(Records from a collection)

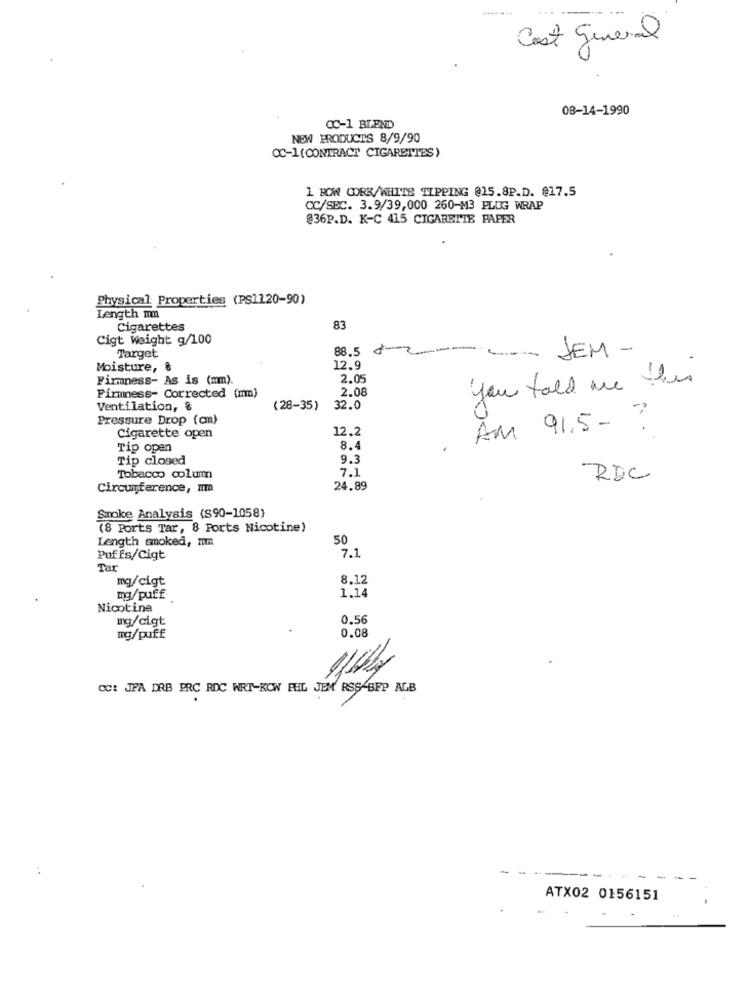
--
Cost general
08-14-1990
OC-1 BLEND
NEW PRODUCTS 8/9/90
OC-1(CONTRACT CIGARETTES)
1 BOW CORK/WHITE TIPPING @15.8P.D. @17.5
CC/SEC. 3.9/39,000 260-M3 PLUG WRAP
@36P.D. K-C 415 CIGARETTE PAPER
Physical Properties (PS1120-90)
Length mmn
Cigarettes
83
Cigt Weight g/100
Target
88.5
JEM-
Moisture, &
12.9
Firmness- As is (mm).
2.05
you told me this
2.08
Firmness- Corrected (mm)
Ventilation, &
(28-35)
32.0
Pressure Drop (an)
12.2
AM 91.5 - ?
Cigarette open
Tip open
8.4
Tip closed
9.3
7.1
Tobacco column
RDC
Circumference, IT
24.89
Smoke Analysis (S90-1058)
(8 Ports Tar, 8 Ports Nicotine)
Length smoked, mm
50
Puffs/Cigt
7.1
Tar
mg/cigt
8.12
1.14
mg/puff
Nicotine
mg/cigt
0.56
mg/puff
0.08
CC: JFA DRB ERC RDC WRT-KOW FEL JEM RSS BFP ALB
--
ATX02 0156151

Activity: Without including any pictures, please restate all the records exactly.

Exercise result:
--
Cost general
08-14-1990
OC-1 BLEND
NEW PRODUCTS 8/9/90
OC-1(CONTRACT CIGARETTES)
1 BOW CORK/WHITE TIPPING @15.8P.D. @17.5
CC/SEC. 3.9/39,000 260-M3 PLUG WRAP
@36P.D. K-C 415 CIGARETTE PAPER
Physical Properties (PS1120-90)
Length mmn
Cigarettes
83
Cigt Weight g/100
Target
88.5
JEM-
Moisture, &
12.9
Firmness- As is (mm).
2.05
you told me this
2.08
Firmness- Corrected (mm)
Ventilation, &
(28-35)
32.0
Pressure Drop (an)
12.2
AM 91.5 - ?
Cigarette open
Tip open
8.4
Tip closed
9.3
7.1
Tobacco column
RDC
Circumference, IT
24.89
Smoke Analysis (S90-1058)
(8 Ports Tar, 8 Ports Nicotine)
Length smoked, mm
50
Puffs/Cigt
7.1
Tar
mg/cigt
8.12
1.14
mg/puff
Nicotine
mg/cigt
0.56
mg/puff
0.08
CC: JFA DRB ERC RDC WRT-KOW FEL JEM RSS BFP ALB
--
ATX02 0156151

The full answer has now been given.